Zack Weinberg wrote:-

> (1) There are a lot of targets that define WCHAR_TYPE as an unsigned
> type without also defining WCHAR_UNSIGNED to 1.
> 
>   File           Line
> 0 osf12.h          31 #define WCHAR_TYPE "short unsigned int"
> 1 arc.h           294 #define WCHAR_TYPE "short unsigned int"

That's cute.  How do you get that kind of search?

> It might make sense to figure out some way that WCHAR_UNSIGNED can be
> deduced from WCHAR_TYPE, to avoid this kind of skew.  It's not
> as simple as if(strstr(WCHAR_TYPE, "unsigned")), because...

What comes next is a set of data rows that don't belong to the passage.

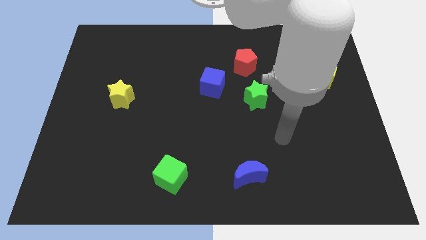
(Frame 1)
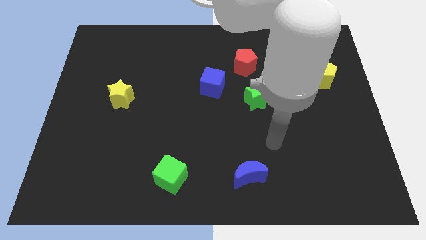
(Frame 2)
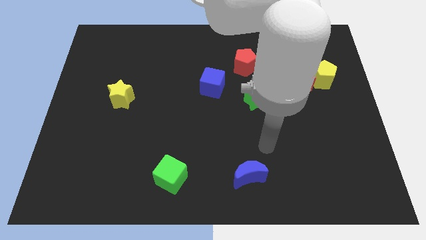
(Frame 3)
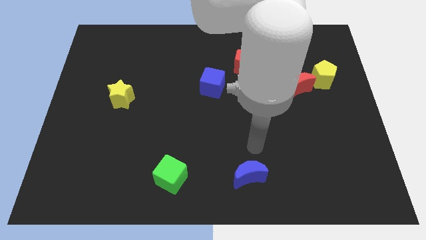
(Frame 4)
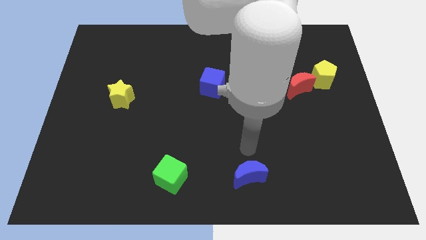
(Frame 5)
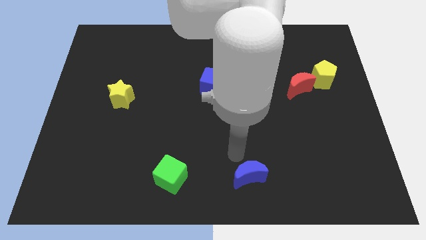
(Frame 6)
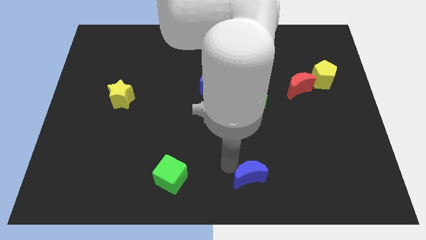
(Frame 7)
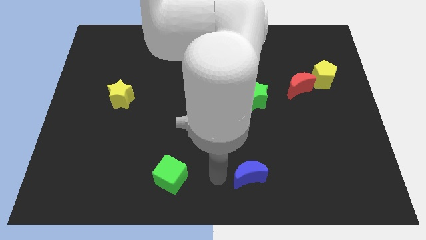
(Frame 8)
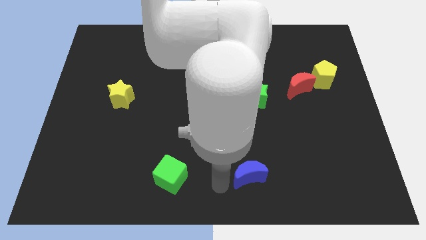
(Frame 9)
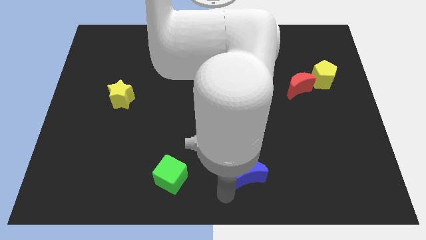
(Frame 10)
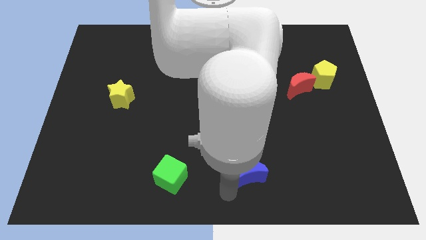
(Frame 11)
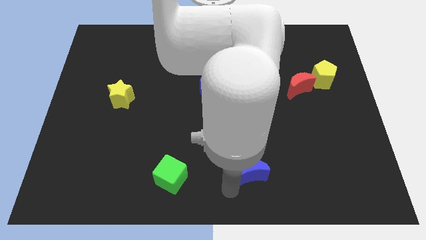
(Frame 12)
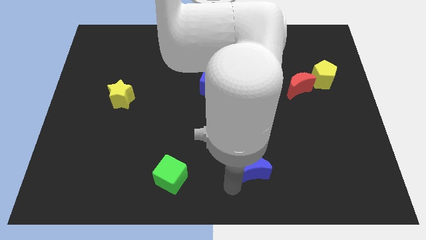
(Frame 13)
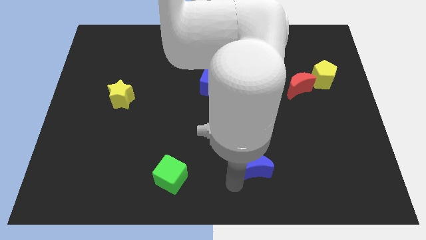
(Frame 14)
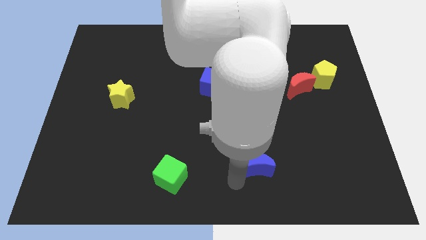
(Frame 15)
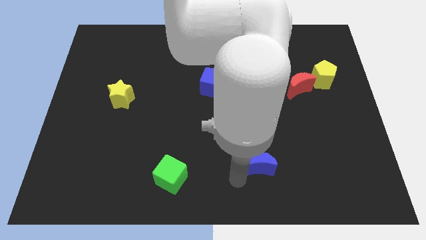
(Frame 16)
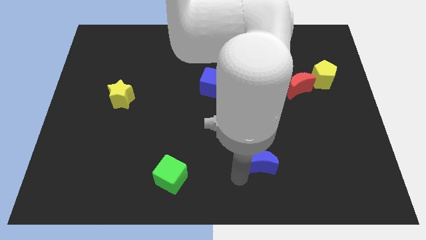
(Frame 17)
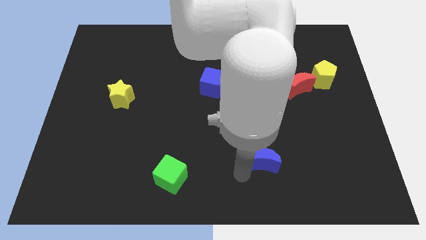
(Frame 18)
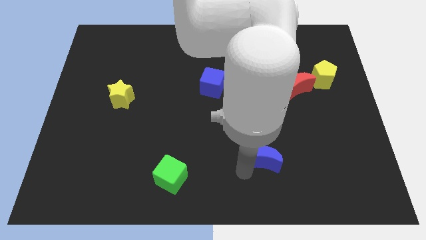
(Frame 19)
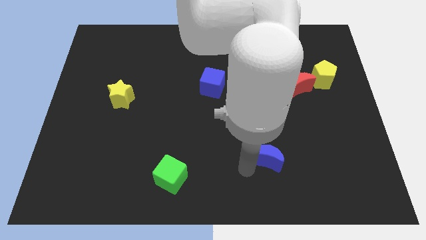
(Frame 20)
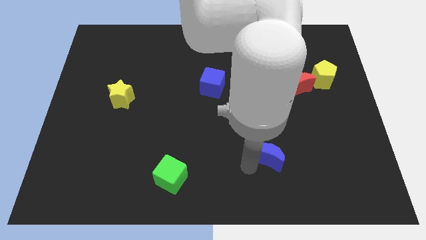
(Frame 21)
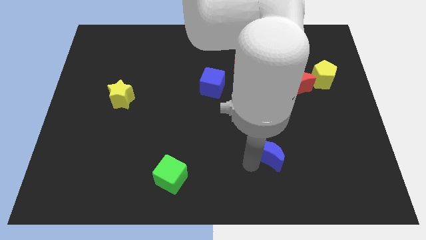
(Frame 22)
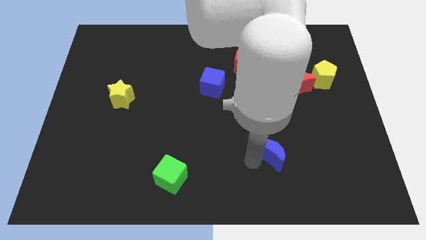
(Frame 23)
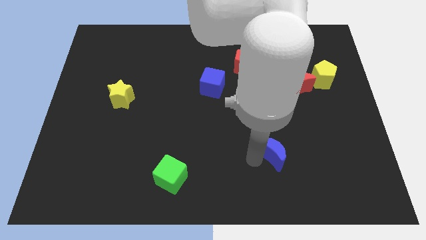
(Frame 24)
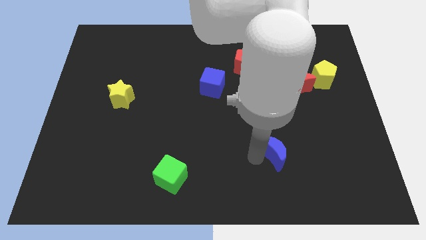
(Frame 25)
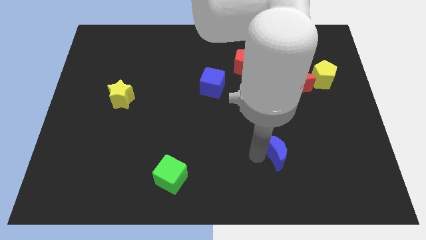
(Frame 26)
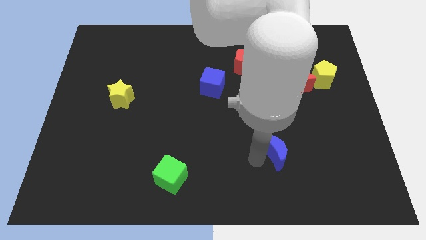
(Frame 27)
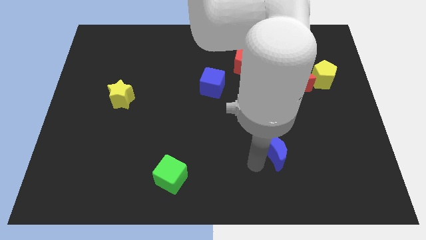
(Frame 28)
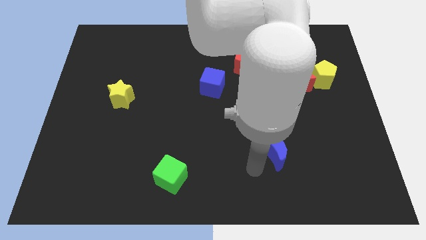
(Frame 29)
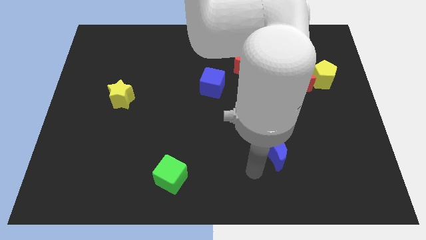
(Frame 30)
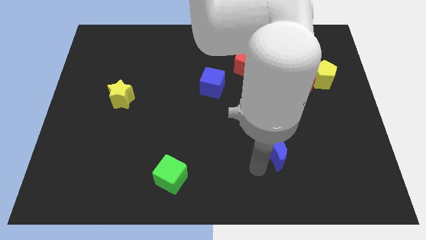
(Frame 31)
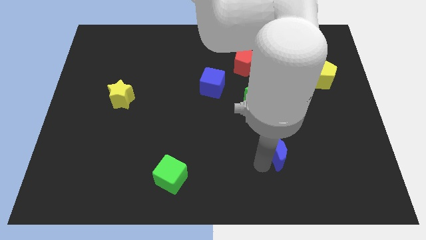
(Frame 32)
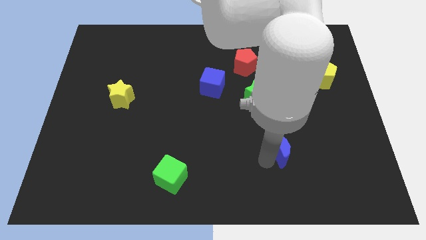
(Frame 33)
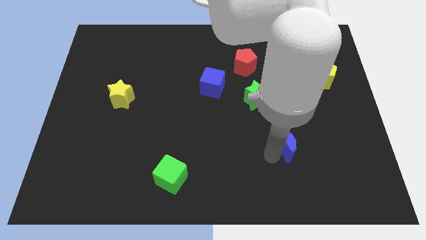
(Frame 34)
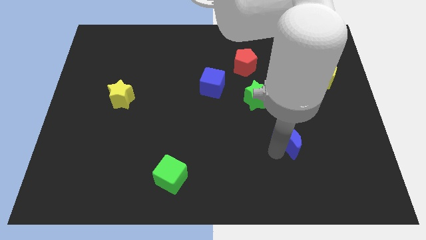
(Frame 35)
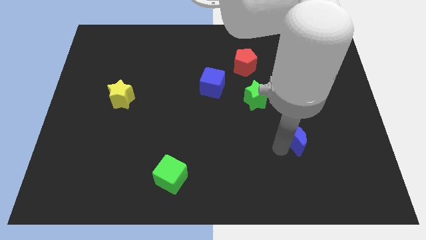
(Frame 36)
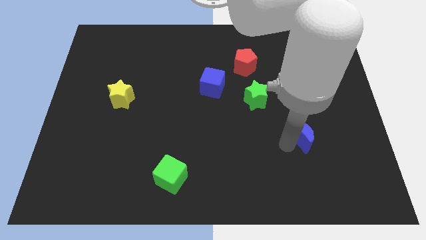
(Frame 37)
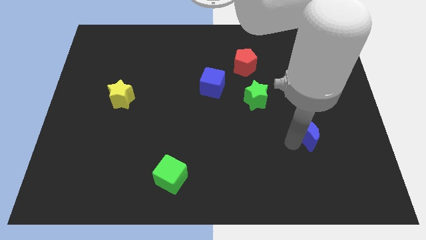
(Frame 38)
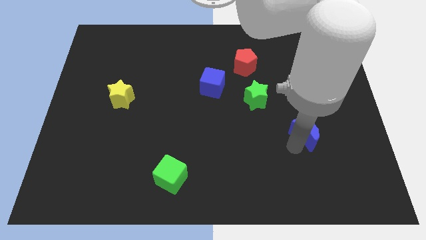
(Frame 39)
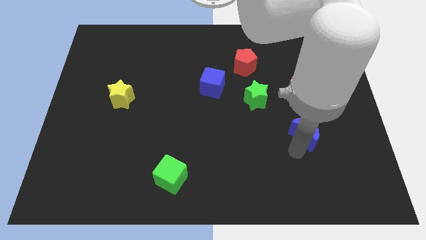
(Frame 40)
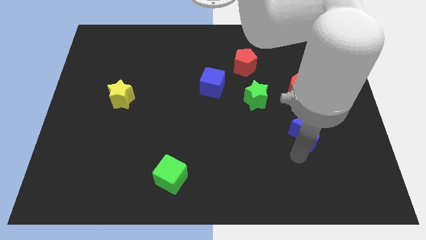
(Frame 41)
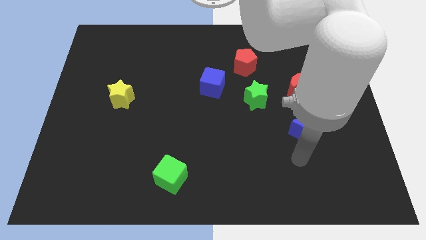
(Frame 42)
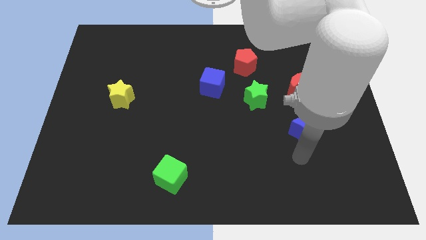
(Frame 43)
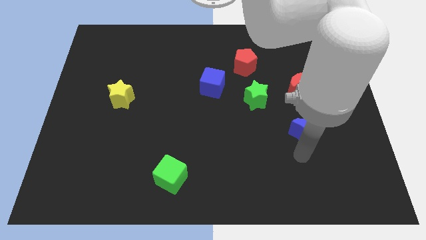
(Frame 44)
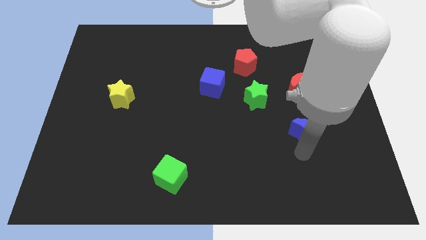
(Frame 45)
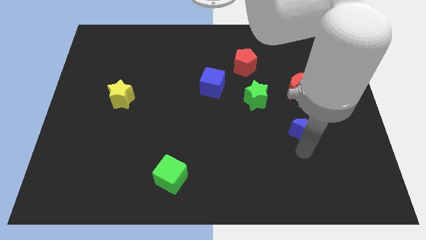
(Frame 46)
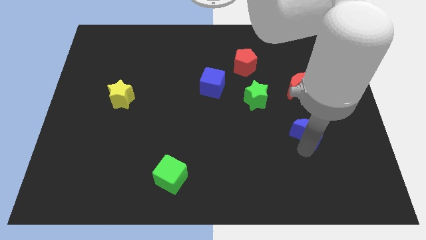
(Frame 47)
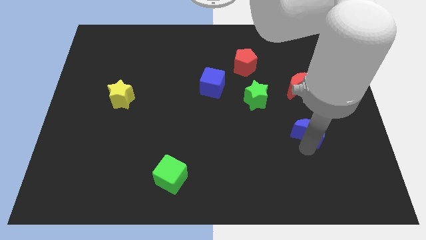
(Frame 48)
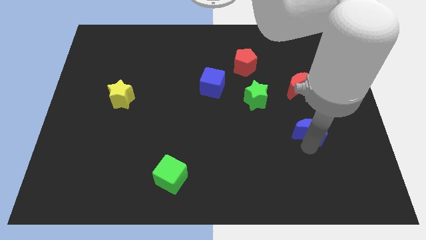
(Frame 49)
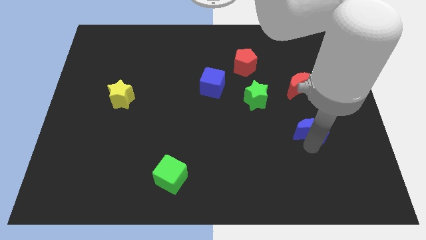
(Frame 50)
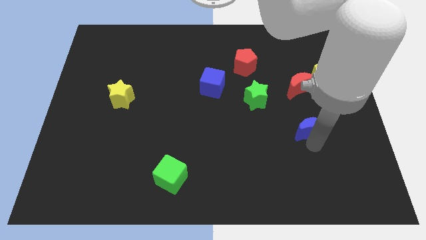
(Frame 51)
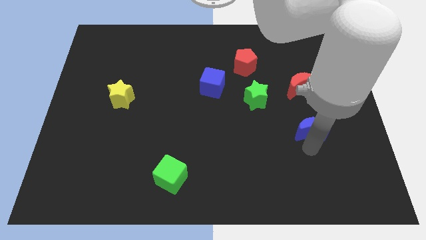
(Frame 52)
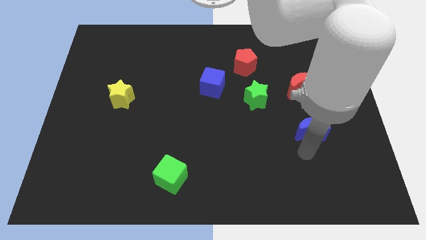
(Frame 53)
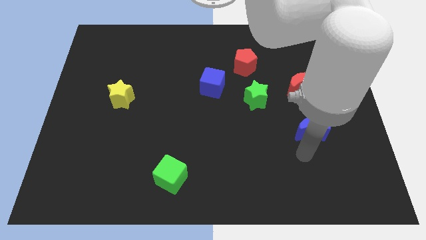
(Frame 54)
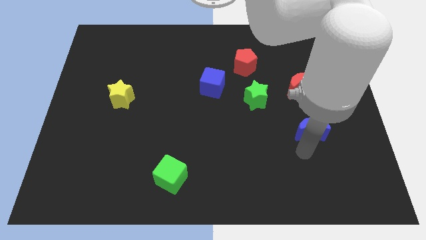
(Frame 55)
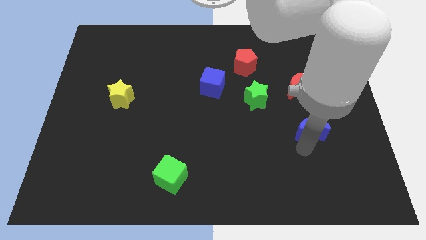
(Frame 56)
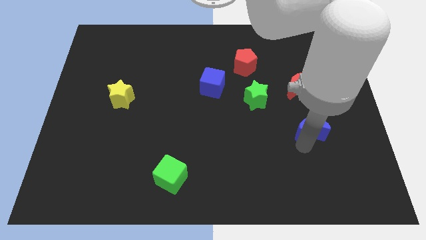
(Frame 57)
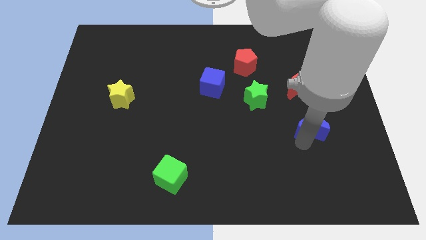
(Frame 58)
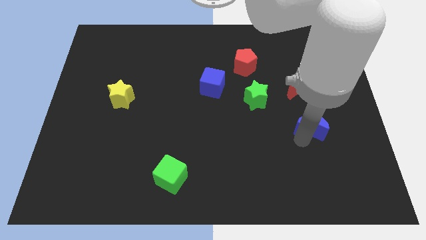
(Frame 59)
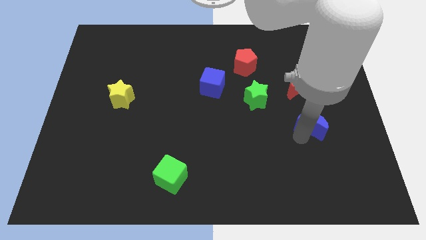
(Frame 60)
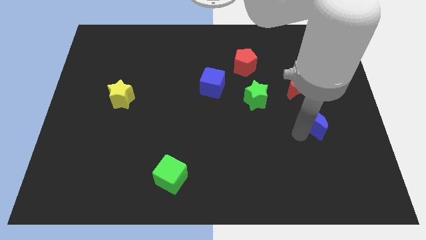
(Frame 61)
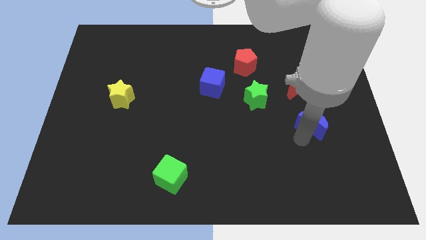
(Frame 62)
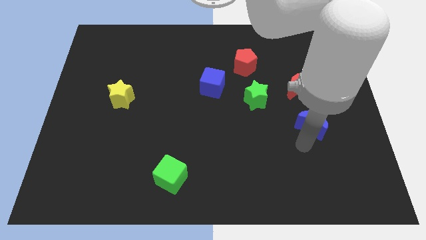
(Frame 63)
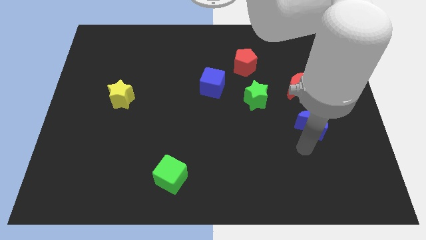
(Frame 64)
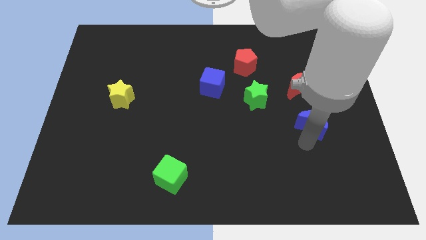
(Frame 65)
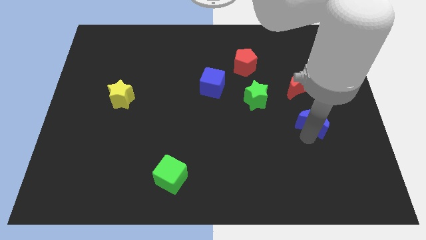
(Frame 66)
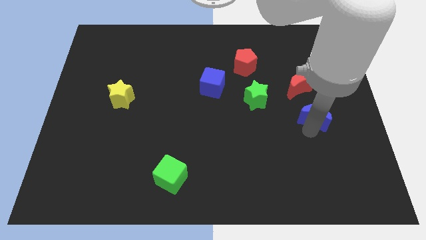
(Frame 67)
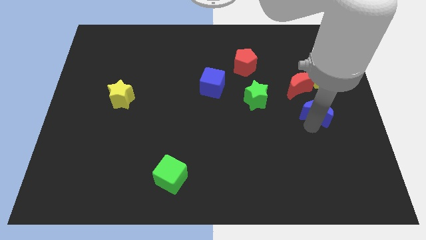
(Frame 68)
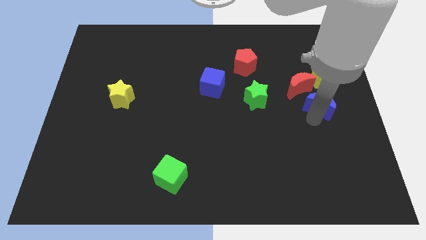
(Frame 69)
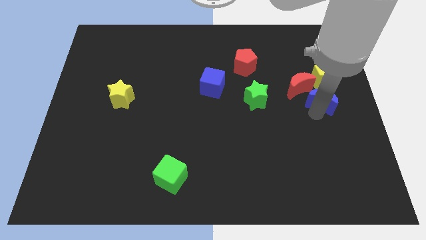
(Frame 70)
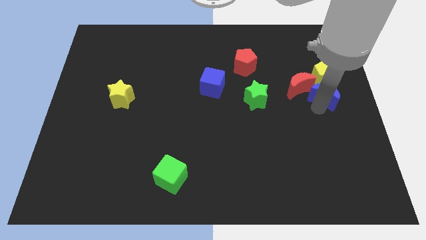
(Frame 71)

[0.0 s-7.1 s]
move the blue moon close to the yellow pentagon

I think a run-time check for consistency of the macros would be good in
a checking-enabled compiler.  This test should be enough (see below).
 
> (2) WCHAR_UNSIGNED and WCHAR_TYPE are target macros; if we use them in
> cpplib, and if some target decides to define them to variable
> quantities, cpp0 won't link.  All the existing definitions are 1 or 0,
> but a future port might need it to differ at runtime.  There *are*
> runtime-variable definitions of WCHAR_TYPE, although none of them
> change the signedness.

I guess you could say the same for DEFAULT_UNSIGNED_CHAR though, and
that hasn't become a problem yet.

I hope to get cc1 to be the separate preprocessor for 3.2, in which case
the link issue would disappear at least.

Neil.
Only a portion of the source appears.